# Real-valued DTFT

Now this is a simple question, but I still ask it for clarification:

I know that an even signal $$h[n] = h[-n]$$ results in a real-valued DTFT (we have proven that in class). Now my question is the following: does a real-valued DTFT also result in an even signal? Would this mean, that the signal of the real DTFT is always acausal?
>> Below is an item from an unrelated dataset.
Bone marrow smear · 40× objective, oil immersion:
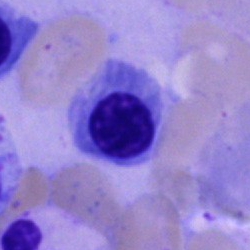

The proof is quite straightforward. With

$$x[n]=\frac{1}{2\pi}\int_{-\pi}^{\pi}X(e^{j\omega})e^{jn\omega}d\omega\tag{1}$$

and with $$X(e^{j\omega})=X^*(e^{j\omega})$$ (i.e., a real-valued DTFT) we get

\begin{align}x[-n]&=\frac{1}{2\pi}\int_{-\pi}^{\pi}X(e^{j\omega})e^{-jn\omega}d\omega\\&=\frac{1}{2\pi}\left[\int_{-\pi}^{\pi}X^*(e^{j\omega})e^{jn\omega}d\omega\right]^*\\&=\frac{1}{2\pi}\left[\int_{-\pi}^{\pi}X(e^{j\omega})e^{jn\omega}d\omega\right]^*\\&=x^*[n]\end{align}

i.e., if $$X(e^{j\omega})$$ is real-valued we obtain

$$x[n]=x^*[-n]$$

(or $$x[n]=x[-n]$$ if $$x[n]$$ is real-valued).

So it's true that a real-valued DTFT cannot correspond to a causal sequence, other than the trivial sequence $$x[n]=a\delta[n]$$ with $$a\in\mathbb{R}$$.

• Thank you a lot! : ) – Phobos Mar 9 '20 at 9:24